■ Provided records:
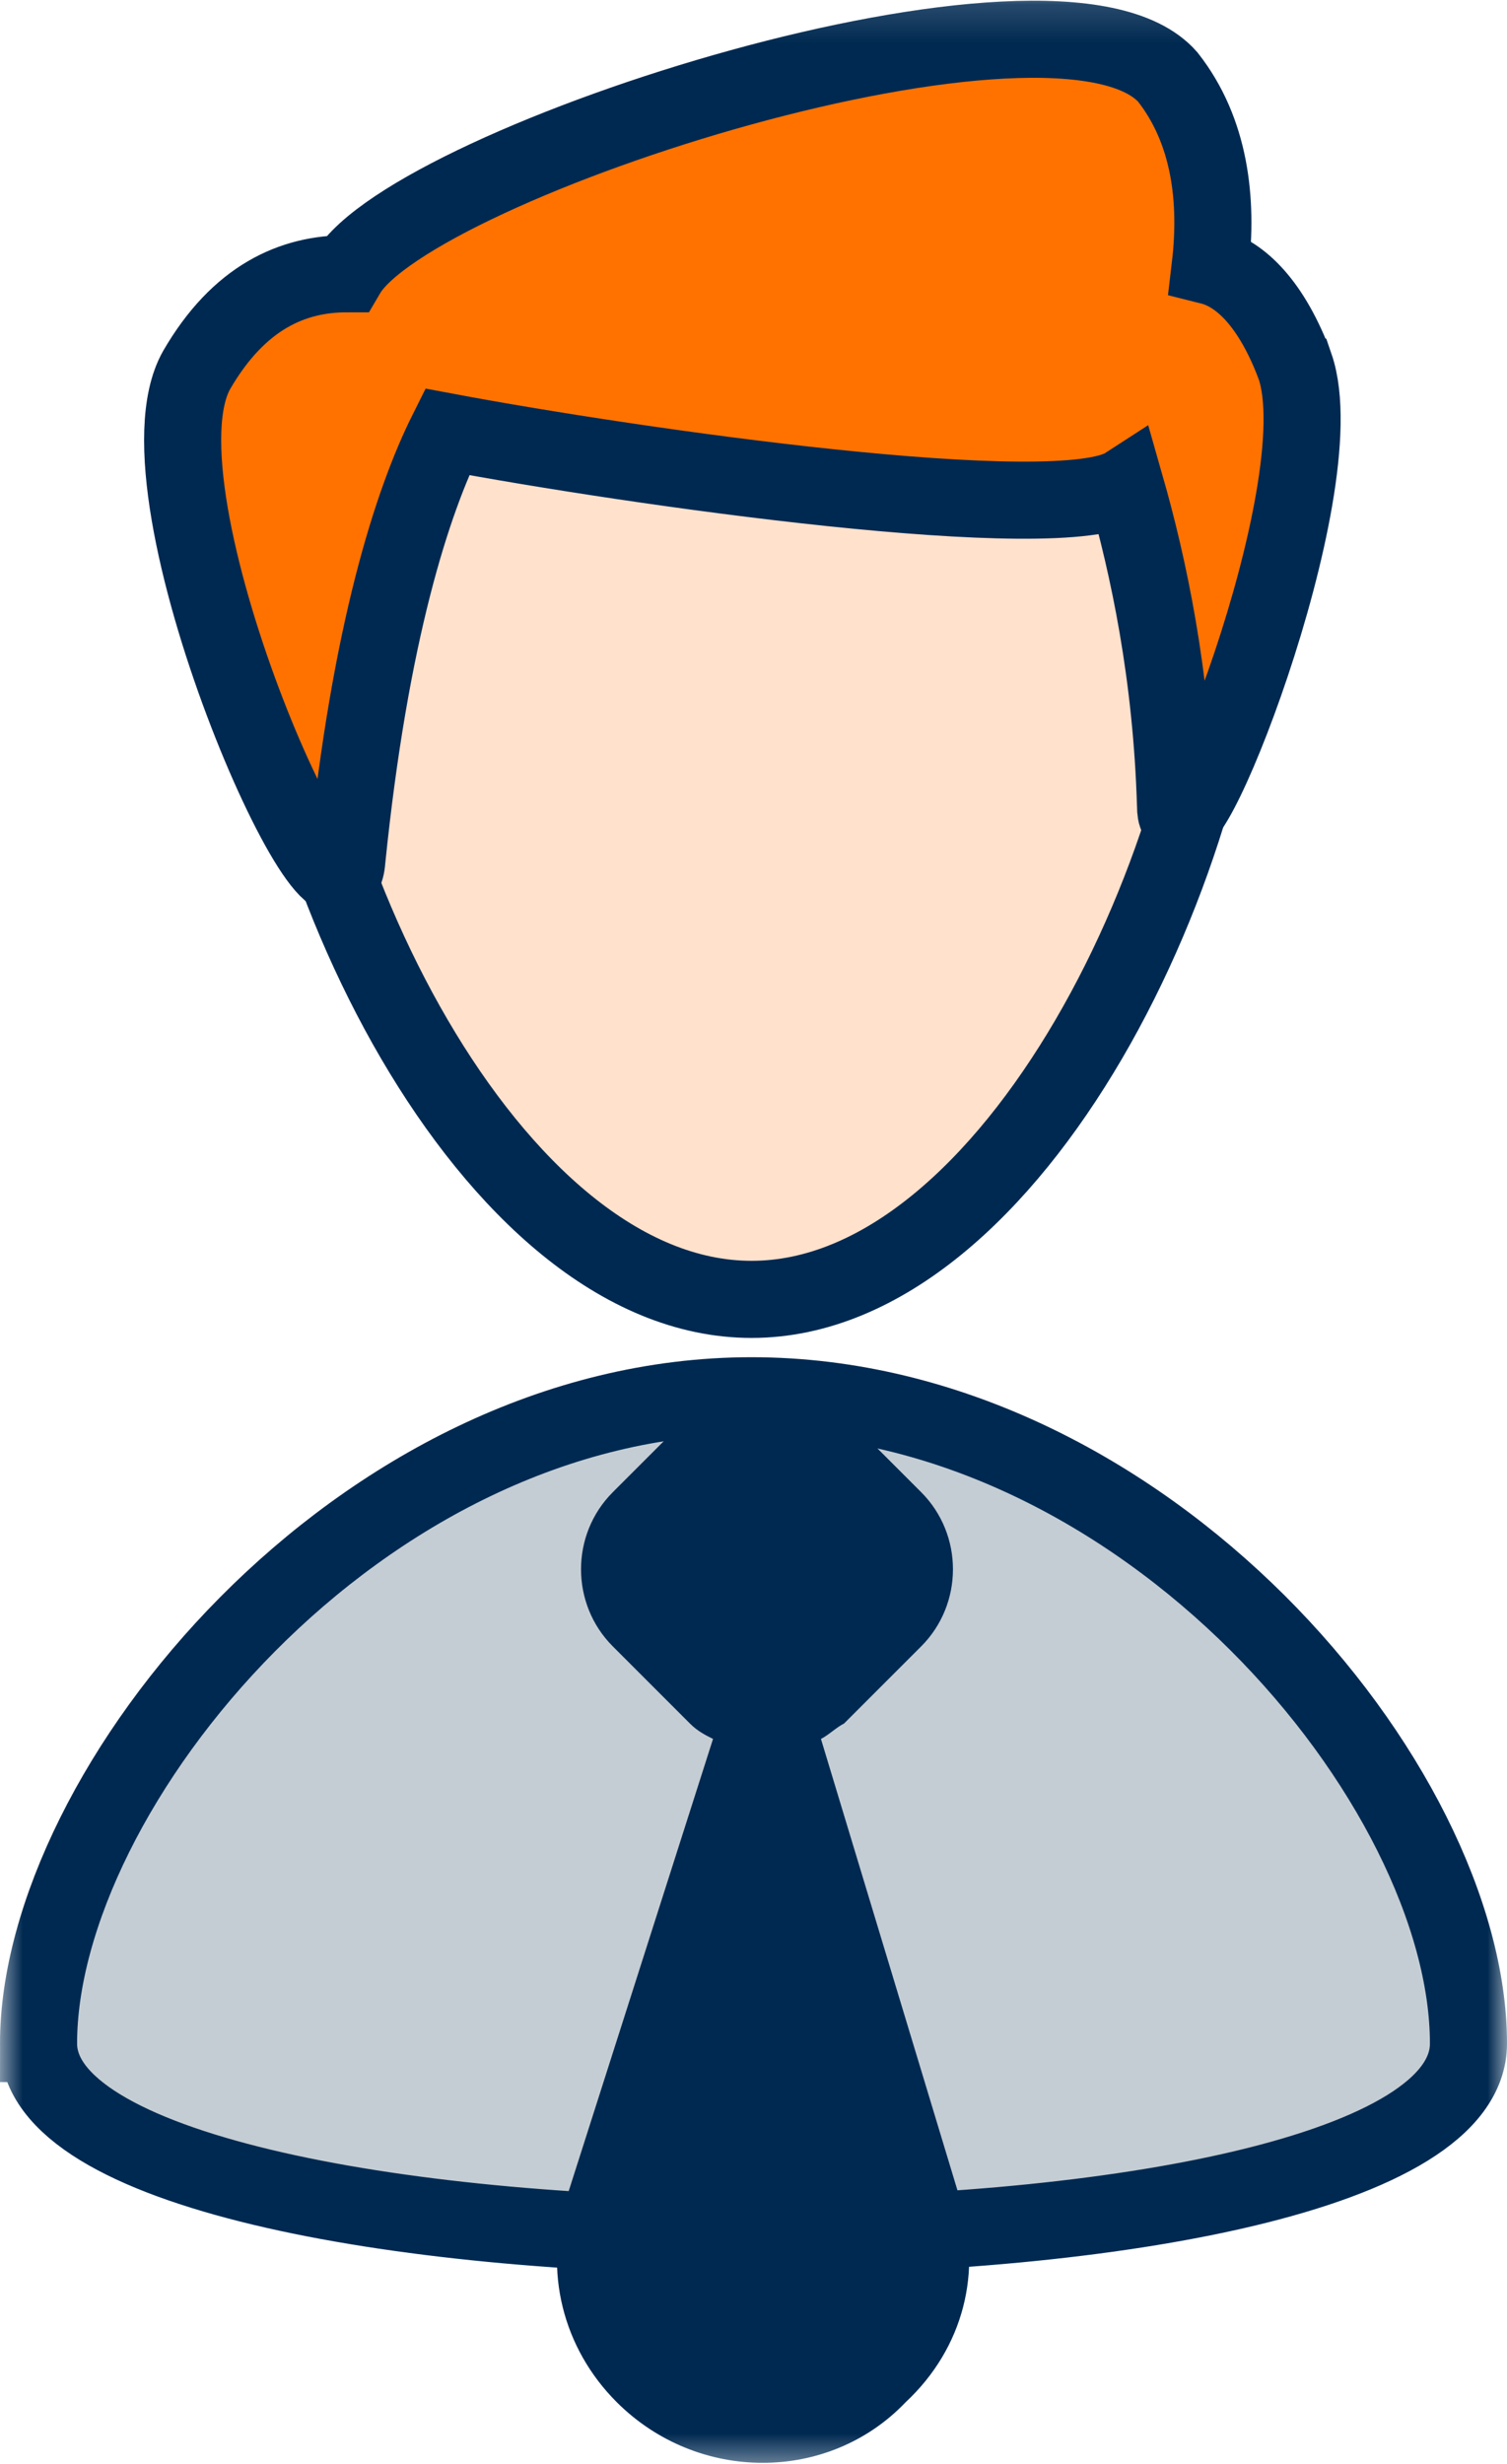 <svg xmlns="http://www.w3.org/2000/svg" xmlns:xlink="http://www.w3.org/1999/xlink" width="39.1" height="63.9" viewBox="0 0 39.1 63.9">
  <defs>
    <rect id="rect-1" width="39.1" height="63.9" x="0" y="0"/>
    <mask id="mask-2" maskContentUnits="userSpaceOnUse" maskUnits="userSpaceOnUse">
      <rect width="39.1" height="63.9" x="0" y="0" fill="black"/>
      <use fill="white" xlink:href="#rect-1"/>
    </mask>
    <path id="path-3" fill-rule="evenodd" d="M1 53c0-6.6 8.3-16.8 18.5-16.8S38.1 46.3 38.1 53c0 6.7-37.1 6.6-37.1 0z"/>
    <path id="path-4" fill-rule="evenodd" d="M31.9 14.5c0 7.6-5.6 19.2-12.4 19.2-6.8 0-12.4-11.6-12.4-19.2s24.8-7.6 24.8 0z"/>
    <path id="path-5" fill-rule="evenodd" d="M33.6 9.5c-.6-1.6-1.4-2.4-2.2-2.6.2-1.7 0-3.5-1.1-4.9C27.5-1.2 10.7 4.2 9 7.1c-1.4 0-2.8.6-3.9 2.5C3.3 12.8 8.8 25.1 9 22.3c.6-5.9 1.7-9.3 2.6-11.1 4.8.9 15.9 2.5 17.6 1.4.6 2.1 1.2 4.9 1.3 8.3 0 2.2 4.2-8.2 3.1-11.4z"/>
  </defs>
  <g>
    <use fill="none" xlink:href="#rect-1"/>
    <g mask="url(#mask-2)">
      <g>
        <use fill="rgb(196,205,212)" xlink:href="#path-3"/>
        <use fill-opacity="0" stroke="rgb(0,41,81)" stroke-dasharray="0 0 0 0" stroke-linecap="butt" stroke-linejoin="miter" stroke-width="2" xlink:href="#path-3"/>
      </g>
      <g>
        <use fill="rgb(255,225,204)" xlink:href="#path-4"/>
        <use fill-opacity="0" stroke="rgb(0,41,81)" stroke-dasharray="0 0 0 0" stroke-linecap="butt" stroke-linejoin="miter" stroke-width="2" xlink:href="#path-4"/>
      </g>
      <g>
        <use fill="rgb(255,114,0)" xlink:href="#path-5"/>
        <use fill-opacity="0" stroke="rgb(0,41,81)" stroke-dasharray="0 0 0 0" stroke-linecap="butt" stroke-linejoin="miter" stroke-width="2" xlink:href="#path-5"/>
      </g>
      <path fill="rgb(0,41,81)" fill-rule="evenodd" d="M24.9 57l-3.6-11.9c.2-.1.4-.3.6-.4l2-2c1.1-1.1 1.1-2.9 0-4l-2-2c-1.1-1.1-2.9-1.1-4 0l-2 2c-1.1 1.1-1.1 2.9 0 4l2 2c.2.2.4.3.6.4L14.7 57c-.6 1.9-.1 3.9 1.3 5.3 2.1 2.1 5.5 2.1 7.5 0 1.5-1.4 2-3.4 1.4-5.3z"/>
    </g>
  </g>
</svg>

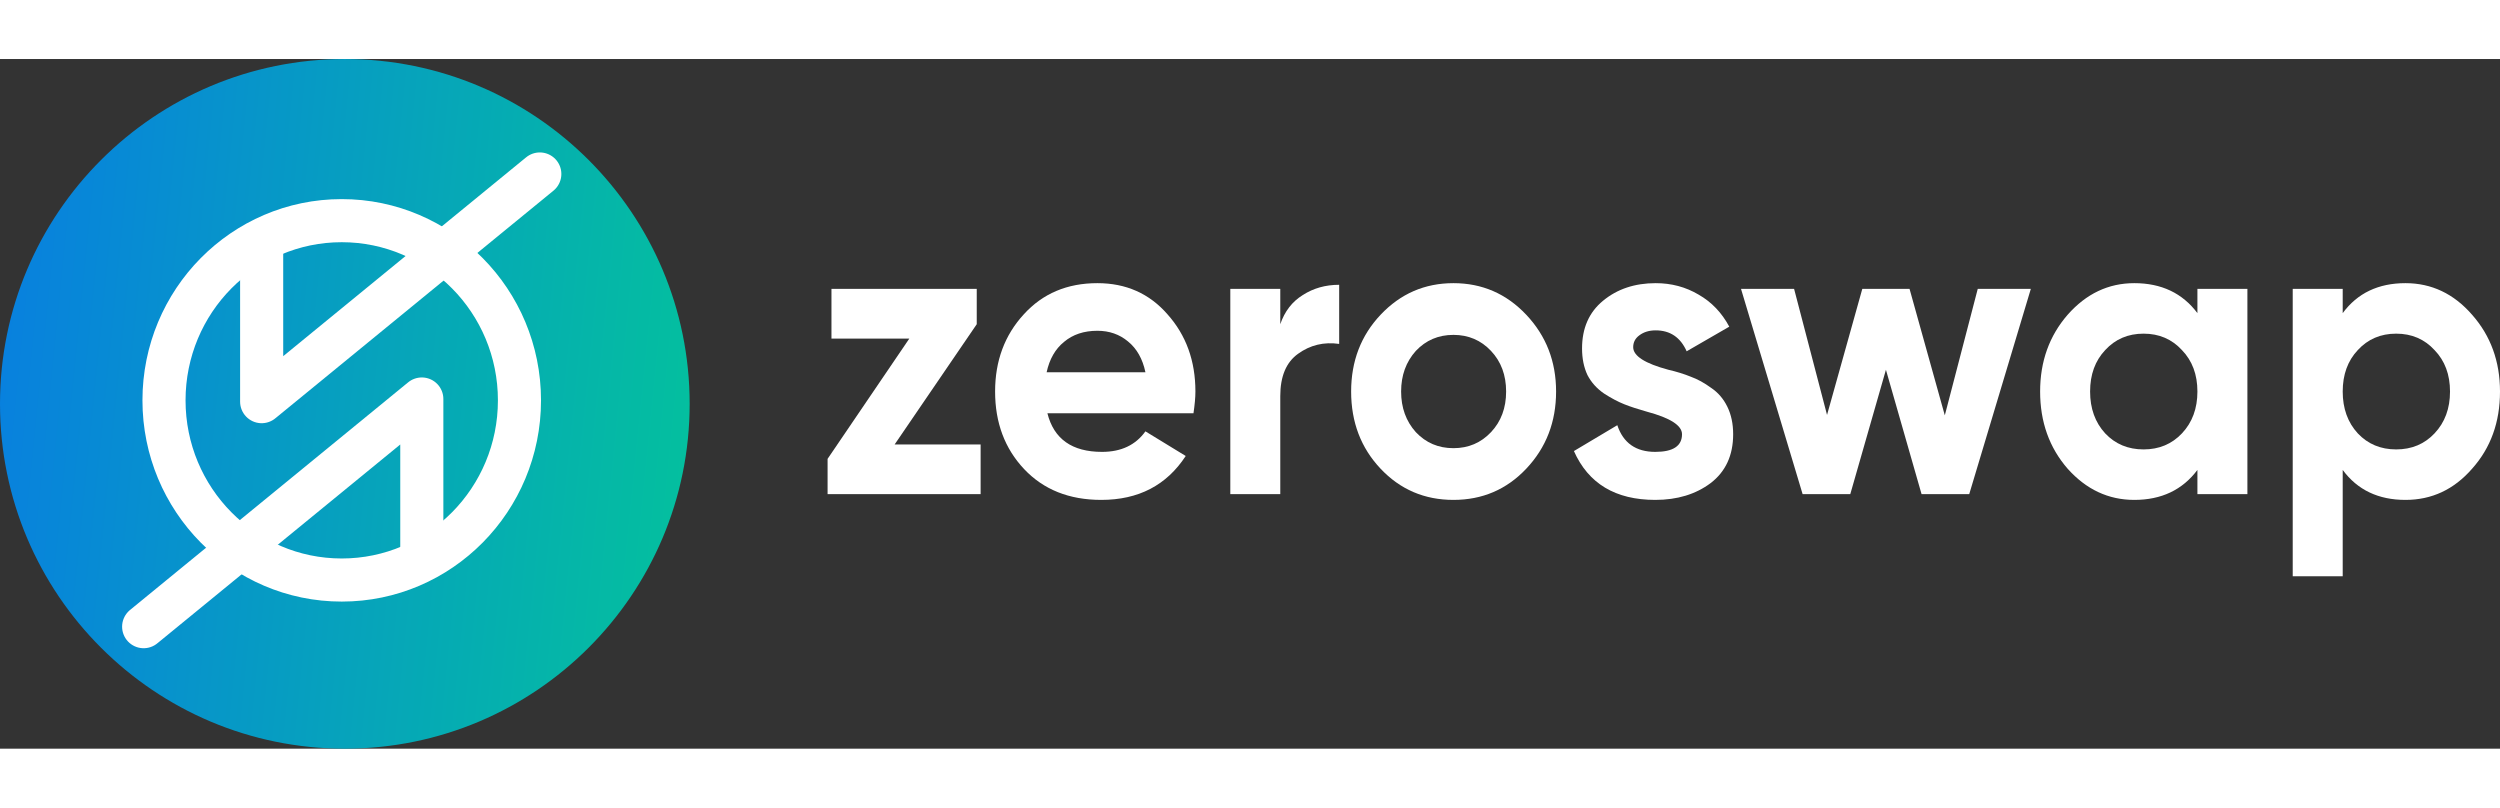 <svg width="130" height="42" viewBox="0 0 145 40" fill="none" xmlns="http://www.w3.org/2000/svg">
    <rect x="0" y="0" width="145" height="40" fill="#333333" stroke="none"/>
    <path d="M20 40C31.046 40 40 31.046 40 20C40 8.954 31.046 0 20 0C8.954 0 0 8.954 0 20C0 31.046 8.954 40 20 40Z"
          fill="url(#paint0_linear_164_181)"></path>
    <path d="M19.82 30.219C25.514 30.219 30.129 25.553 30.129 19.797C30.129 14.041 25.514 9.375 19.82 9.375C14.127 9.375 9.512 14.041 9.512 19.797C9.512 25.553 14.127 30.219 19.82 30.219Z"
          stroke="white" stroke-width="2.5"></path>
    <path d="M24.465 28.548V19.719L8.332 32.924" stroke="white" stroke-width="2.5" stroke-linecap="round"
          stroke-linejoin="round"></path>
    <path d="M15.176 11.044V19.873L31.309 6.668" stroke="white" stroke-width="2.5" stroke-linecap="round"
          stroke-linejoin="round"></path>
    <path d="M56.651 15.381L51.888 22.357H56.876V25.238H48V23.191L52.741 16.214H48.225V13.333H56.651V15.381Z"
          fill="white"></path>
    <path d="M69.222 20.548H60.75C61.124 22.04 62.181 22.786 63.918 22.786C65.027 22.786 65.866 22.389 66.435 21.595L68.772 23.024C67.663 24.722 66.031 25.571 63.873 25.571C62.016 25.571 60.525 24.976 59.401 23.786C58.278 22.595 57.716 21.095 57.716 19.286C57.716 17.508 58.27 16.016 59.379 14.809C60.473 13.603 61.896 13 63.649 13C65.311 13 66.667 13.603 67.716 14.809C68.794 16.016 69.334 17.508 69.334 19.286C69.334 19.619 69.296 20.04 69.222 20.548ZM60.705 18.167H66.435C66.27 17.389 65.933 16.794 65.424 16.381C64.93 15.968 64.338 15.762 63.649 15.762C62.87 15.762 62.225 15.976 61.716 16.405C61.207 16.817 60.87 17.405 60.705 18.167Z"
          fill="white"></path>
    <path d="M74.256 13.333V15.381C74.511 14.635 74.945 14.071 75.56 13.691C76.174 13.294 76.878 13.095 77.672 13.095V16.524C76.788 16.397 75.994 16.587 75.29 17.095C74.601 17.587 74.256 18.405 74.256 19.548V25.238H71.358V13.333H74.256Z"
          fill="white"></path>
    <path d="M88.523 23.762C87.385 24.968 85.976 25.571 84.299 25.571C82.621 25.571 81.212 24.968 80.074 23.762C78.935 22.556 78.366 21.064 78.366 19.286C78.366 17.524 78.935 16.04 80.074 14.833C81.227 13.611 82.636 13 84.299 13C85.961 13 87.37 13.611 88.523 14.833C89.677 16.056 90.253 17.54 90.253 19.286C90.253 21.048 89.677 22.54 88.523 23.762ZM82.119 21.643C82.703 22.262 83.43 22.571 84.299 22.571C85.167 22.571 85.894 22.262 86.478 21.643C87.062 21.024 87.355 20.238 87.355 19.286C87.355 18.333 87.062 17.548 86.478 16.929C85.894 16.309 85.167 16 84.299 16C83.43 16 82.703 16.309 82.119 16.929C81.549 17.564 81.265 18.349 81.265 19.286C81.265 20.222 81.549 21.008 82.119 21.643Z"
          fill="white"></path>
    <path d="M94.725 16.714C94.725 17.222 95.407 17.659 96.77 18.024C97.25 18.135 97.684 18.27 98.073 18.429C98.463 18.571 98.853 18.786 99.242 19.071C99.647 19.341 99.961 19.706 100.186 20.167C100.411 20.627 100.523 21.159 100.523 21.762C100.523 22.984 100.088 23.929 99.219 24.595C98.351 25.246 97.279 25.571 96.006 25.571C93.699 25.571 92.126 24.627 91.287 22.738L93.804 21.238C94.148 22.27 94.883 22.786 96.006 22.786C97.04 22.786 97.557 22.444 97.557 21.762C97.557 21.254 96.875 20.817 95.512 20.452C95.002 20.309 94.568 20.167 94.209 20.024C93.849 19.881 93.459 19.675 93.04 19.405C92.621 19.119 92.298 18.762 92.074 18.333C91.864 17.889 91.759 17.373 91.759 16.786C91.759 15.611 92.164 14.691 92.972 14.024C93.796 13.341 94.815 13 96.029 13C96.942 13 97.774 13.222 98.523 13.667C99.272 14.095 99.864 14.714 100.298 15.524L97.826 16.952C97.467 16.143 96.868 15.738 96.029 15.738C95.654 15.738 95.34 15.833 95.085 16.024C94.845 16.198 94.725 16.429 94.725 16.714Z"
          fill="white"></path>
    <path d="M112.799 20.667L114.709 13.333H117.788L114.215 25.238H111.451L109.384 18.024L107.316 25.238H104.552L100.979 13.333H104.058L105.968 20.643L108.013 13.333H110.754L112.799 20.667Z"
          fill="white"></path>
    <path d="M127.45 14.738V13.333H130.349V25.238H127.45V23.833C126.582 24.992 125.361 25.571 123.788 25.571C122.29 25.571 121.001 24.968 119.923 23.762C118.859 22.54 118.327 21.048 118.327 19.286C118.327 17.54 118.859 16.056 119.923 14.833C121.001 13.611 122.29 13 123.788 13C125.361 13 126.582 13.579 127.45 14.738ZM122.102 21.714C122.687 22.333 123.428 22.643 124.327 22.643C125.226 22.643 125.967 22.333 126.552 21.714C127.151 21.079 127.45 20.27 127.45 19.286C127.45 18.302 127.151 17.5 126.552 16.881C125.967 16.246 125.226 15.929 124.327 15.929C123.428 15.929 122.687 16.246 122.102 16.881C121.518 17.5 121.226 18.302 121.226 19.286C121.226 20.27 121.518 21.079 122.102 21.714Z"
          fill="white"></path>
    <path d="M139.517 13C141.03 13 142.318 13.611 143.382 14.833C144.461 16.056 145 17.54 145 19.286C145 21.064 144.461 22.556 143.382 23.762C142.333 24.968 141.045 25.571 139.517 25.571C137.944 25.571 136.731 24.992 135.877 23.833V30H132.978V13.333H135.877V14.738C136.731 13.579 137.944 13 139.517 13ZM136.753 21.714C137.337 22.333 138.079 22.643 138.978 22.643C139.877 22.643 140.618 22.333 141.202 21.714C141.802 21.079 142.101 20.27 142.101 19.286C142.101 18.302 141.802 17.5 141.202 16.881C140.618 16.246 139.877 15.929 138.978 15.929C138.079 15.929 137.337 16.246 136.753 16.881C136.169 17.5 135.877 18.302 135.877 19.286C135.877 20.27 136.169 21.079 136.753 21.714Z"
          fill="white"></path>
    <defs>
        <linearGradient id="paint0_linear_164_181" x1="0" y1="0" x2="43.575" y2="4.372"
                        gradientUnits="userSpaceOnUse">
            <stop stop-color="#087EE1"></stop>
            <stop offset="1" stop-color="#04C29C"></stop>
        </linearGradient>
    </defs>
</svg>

■ Task brief:
Across the records above, show each line containing the word "color".

■ Exercise answer:
            <stop stop-color="#087EE1"></stop>
            <stop offset="1" stop-color="#04C29C"></stop>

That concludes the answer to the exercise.